* Materials provided:

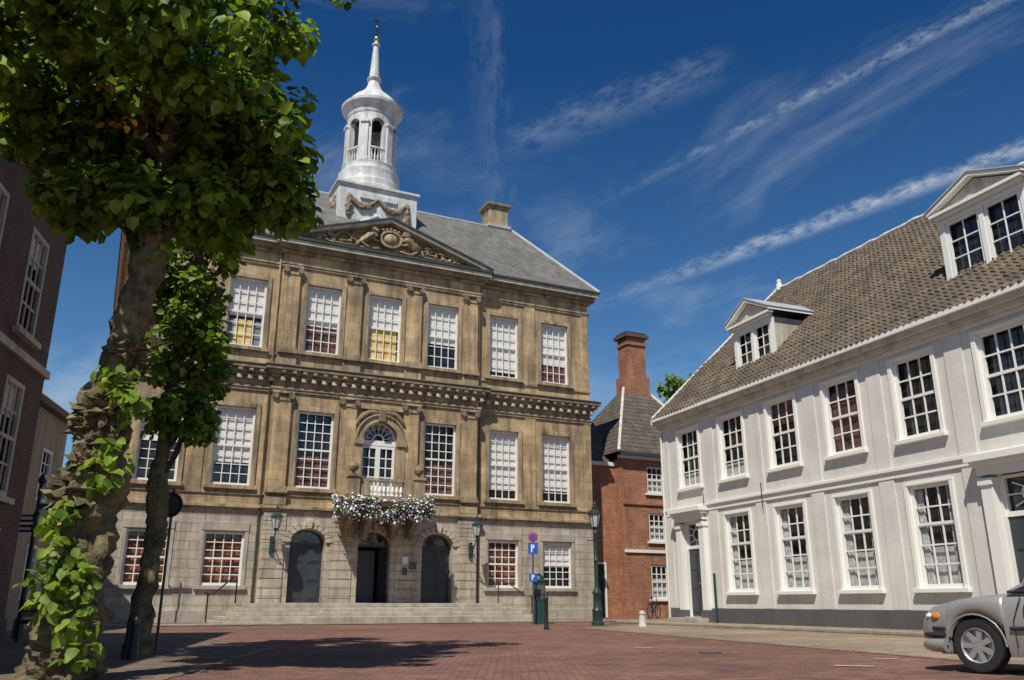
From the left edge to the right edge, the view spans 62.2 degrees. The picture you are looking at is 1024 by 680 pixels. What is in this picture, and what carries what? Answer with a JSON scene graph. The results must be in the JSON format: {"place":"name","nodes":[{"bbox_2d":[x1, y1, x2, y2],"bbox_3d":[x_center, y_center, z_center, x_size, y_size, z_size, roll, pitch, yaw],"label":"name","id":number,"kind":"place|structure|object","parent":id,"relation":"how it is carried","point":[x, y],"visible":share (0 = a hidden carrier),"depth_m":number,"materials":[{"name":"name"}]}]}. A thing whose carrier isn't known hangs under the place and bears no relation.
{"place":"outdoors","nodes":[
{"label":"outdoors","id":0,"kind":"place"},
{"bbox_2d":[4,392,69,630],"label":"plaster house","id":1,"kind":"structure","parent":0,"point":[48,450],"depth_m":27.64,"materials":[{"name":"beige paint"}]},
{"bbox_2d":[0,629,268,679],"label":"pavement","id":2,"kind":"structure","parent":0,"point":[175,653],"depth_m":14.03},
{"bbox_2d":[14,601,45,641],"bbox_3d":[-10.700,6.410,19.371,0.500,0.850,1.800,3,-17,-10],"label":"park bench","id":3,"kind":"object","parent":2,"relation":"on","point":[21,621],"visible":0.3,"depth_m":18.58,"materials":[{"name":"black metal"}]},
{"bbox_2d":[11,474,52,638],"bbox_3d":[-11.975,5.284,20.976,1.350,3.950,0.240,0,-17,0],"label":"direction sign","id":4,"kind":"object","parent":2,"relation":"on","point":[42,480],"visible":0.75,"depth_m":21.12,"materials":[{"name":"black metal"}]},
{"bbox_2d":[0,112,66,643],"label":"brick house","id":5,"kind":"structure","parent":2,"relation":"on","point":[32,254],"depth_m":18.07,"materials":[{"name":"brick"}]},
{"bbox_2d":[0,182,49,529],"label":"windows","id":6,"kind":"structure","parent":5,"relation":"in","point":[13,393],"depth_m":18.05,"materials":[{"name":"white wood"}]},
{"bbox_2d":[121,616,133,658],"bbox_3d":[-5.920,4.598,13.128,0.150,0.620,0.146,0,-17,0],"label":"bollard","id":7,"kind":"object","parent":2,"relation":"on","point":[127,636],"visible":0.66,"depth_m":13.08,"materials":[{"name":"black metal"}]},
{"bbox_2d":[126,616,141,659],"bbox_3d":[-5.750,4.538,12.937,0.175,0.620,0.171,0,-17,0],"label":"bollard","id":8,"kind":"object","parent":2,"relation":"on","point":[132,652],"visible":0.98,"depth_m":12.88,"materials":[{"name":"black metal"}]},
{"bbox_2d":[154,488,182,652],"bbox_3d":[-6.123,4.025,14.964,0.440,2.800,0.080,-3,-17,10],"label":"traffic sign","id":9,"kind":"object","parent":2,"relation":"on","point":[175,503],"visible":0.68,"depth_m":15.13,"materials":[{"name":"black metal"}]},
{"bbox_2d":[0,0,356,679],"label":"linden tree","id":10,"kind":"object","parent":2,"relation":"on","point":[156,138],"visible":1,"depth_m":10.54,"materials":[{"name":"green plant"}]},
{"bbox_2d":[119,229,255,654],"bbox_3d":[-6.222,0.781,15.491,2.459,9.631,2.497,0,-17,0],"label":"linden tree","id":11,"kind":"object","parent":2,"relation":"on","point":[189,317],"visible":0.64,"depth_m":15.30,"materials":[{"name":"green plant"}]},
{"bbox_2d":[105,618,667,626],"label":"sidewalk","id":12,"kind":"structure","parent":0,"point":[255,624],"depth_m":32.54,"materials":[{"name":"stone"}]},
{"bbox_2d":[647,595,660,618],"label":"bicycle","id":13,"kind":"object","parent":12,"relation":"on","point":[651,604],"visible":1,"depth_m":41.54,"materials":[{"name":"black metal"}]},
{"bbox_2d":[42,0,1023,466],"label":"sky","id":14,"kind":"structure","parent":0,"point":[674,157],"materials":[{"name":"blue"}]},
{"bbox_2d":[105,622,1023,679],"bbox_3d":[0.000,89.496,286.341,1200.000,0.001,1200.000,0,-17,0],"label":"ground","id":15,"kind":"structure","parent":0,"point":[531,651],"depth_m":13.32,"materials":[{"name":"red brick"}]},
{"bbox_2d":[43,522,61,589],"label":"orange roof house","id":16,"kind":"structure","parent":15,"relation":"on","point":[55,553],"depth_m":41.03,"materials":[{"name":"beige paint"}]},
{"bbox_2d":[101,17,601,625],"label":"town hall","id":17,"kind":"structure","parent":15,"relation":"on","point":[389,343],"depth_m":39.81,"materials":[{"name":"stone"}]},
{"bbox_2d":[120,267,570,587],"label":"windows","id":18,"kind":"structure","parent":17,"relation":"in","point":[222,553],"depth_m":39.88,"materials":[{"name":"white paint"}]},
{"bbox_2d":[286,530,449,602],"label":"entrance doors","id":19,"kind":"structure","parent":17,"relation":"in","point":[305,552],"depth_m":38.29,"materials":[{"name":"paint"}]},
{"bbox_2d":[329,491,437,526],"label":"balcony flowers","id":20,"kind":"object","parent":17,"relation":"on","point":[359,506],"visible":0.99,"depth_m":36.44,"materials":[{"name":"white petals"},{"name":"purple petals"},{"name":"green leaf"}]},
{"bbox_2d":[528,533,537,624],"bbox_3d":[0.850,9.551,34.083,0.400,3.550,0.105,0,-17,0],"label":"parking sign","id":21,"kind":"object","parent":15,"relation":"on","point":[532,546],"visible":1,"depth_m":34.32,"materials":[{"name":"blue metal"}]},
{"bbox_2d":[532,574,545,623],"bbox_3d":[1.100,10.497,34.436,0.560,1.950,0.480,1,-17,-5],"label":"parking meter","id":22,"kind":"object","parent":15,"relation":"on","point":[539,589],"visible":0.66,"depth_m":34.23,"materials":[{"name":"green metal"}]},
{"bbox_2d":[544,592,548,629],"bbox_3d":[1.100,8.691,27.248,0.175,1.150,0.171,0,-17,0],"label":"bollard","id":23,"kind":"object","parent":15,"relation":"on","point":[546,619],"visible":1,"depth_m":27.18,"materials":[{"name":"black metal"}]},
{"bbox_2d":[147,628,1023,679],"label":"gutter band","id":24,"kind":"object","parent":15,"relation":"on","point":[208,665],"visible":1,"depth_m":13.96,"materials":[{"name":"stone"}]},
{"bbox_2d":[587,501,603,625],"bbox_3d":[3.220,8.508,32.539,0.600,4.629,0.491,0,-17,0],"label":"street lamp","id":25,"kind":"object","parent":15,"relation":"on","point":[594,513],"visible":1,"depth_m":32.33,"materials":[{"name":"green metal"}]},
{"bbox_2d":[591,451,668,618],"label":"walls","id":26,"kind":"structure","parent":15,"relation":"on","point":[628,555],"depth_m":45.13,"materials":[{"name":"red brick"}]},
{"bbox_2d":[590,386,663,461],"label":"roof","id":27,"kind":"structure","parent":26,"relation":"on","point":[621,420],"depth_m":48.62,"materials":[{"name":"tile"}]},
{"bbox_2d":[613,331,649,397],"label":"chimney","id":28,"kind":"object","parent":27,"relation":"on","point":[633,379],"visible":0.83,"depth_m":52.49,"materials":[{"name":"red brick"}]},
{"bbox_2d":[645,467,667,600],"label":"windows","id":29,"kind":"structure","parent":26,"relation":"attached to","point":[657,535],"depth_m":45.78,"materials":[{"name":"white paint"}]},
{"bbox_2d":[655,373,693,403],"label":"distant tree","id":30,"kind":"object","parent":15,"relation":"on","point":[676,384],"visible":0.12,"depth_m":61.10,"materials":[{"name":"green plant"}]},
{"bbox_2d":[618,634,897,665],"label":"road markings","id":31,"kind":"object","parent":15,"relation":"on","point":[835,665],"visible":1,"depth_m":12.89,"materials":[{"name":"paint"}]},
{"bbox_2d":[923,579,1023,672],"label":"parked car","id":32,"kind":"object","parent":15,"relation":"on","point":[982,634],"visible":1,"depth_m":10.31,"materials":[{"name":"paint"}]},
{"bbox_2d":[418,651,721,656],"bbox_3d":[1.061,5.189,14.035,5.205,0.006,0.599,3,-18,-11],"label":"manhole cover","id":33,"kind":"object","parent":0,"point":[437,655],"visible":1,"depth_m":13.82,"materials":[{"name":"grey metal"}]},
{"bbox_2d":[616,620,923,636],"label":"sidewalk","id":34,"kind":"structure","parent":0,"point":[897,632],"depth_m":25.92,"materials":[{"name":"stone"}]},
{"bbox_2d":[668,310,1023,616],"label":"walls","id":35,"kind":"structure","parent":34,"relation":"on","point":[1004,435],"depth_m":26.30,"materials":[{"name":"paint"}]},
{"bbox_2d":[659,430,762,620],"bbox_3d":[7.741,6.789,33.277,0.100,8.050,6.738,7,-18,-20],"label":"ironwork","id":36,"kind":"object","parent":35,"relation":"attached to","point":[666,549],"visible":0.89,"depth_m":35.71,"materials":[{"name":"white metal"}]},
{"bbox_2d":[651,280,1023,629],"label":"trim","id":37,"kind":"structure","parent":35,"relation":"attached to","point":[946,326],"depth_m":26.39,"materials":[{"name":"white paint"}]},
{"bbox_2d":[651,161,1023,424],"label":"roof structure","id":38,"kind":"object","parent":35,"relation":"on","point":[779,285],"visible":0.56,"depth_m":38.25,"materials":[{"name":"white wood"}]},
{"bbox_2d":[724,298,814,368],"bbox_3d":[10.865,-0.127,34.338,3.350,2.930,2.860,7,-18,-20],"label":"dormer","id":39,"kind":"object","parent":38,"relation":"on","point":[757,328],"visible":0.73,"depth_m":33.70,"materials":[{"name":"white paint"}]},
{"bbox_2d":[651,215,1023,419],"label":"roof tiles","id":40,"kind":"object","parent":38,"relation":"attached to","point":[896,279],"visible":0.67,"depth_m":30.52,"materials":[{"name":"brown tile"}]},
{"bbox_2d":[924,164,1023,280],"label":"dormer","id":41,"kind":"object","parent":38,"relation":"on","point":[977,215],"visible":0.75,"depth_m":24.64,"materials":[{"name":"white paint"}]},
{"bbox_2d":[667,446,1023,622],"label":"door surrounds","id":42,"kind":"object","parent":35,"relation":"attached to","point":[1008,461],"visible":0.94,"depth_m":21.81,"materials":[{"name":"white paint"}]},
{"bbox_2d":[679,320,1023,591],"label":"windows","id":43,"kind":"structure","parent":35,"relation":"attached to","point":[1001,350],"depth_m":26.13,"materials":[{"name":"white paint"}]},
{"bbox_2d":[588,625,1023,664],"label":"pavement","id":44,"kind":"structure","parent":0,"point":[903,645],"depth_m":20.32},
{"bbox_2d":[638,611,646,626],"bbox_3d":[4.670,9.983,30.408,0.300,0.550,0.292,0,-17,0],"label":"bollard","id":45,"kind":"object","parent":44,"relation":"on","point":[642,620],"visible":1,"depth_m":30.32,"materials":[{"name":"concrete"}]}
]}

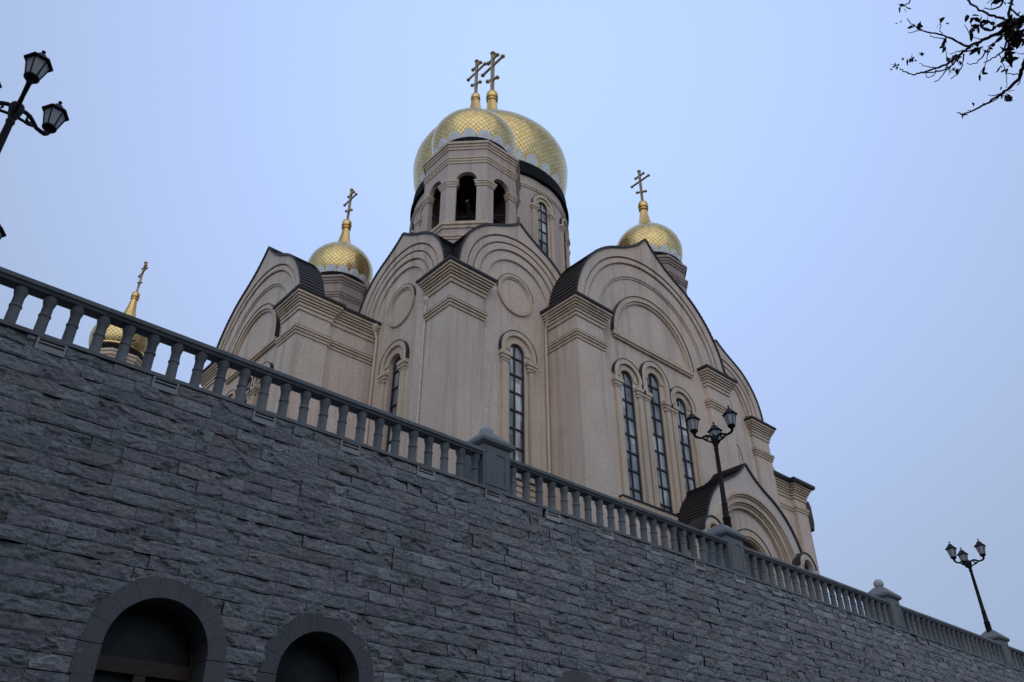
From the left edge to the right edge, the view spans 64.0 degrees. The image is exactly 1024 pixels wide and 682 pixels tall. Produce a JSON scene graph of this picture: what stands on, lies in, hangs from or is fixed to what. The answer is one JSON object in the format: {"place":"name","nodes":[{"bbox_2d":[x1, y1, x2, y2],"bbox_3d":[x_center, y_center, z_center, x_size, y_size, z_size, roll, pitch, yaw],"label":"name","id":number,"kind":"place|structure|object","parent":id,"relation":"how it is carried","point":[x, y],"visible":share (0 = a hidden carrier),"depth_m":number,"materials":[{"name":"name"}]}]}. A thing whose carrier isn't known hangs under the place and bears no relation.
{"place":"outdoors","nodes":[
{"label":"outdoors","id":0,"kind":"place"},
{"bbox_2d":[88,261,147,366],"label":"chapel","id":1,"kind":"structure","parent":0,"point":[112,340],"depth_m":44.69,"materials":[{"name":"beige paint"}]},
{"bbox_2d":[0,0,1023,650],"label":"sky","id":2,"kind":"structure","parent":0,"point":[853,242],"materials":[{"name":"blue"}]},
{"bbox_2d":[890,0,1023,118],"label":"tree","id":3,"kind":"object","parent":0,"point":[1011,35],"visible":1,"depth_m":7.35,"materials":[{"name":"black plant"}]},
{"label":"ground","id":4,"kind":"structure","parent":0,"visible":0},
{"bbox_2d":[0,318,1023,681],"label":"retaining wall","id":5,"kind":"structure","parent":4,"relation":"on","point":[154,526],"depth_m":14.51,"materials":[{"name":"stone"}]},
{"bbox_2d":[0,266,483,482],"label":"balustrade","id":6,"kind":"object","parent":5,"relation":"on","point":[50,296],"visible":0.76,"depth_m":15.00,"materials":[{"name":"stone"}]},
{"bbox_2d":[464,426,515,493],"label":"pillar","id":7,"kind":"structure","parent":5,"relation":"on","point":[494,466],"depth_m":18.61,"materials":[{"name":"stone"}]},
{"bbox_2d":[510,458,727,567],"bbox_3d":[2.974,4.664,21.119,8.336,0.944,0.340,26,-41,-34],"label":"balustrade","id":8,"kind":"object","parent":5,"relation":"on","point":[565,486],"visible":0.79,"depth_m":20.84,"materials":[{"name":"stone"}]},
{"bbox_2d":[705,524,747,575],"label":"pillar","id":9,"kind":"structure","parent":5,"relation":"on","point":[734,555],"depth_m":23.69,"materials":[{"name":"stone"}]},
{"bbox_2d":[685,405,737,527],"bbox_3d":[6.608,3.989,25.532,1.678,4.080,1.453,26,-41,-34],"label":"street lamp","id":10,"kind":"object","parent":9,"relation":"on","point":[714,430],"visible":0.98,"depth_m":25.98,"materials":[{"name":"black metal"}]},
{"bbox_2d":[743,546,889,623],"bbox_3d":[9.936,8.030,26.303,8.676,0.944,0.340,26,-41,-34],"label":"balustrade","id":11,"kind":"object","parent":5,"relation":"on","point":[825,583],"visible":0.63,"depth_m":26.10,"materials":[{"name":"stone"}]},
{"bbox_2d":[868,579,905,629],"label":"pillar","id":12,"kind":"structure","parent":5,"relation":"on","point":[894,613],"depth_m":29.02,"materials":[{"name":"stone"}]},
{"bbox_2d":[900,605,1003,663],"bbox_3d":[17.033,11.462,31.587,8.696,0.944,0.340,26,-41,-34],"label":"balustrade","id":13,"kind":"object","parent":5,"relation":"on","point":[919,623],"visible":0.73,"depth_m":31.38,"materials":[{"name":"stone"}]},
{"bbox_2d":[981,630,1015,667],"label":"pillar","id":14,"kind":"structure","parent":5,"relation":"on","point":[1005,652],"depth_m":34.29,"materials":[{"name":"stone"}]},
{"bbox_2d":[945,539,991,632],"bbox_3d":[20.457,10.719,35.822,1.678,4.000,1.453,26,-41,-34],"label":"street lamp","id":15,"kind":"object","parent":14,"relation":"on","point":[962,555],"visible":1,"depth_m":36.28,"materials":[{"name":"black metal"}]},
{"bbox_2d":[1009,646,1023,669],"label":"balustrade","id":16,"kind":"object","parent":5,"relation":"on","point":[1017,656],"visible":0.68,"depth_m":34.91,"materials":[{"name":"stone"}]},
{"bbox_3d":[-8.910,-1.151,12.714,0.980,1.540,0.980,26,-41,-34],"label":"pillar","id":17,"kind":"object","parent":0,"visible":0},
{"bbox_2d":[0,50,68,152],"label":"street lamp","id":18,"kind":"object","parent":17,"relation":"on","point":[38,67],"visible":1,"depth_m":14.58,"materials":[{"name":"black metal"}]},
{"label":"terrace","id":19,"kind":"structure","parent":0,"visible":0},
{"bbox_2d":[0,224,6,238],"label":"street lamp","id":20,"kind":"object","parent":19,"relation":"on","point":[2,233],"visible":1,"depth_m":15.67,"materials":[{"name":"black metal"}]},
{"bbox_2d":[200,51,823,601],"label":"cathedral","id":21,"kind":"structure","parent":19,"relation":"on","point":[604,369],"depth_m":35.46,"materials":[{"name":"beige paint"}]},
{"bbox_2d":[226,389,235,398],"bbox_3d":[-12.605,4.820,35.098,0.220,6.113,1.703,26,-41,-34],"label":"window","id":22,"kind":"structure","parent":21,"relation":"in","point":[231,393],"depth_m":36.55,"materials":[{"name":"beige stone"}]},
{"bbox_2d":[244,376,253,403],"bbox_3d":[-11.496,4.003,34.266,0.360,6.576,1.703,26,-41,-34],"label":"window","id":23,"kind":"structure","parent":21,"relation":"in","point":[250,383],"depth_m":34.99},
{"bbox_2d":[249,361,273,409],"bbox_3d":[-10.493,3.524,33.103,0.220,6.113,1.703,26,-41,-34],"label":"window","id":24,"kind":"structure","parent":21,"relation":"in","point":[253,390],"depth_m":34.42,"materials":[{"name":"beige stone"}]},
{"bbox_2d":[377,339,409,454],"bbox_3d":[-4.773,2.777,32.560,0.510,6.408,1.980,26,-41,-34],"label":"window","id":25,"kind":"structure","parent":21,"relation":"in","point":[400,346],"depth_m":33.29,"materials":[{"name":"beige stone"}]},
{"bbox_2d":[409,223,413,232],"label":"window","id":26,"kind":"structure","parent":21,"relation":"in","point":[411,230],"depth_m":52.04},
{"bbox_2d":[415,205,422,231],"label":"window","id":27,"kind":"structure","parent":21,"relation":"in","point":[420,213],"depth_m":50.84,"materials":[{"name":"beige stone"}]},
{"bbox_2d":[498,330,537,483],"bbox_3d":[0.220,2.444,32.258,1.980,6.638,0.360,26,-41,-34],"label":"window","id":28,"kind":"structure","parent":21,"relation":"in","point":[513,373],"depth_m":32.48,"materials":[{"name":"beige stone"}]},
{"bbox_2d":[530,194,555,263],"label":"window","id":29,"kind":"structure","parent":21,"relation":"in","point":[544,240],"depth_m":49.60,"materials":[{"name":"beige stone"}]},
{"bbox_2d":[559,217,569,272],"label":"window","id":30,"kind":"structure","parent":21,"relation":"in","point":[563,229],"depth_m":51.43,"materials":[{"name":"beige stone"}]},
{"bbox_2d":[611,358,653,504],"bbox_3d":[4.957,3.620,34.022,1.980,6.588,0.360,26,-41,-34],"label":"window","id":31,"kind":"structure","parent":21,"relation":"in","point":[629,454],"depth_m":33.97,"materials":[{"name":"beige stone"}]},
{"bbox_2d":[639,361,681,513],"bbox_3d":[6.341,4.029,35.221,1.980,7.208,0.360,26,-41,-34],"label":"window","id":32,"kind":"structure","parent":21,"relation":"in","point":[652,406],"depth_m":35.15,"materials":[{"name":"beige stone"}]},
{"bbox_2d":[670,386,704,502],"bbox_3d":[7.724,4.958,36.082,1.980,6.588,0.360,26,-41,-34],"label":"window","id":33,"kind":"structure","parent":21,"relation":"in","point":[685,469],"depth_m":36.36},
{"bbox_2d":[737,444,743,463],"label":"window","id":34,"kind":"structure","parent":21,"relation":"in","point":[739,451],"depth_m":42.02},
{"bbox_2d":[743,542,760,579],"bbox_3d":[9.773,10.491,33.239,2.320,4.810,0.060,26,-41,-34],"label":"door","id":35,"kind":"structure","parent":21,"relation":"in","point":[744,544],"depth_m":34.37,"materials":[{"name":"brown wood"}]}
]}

* Work order: For the word "left", please say how many lines in the entries hold it, with only the number as the reply.

* Solution for this problem: 2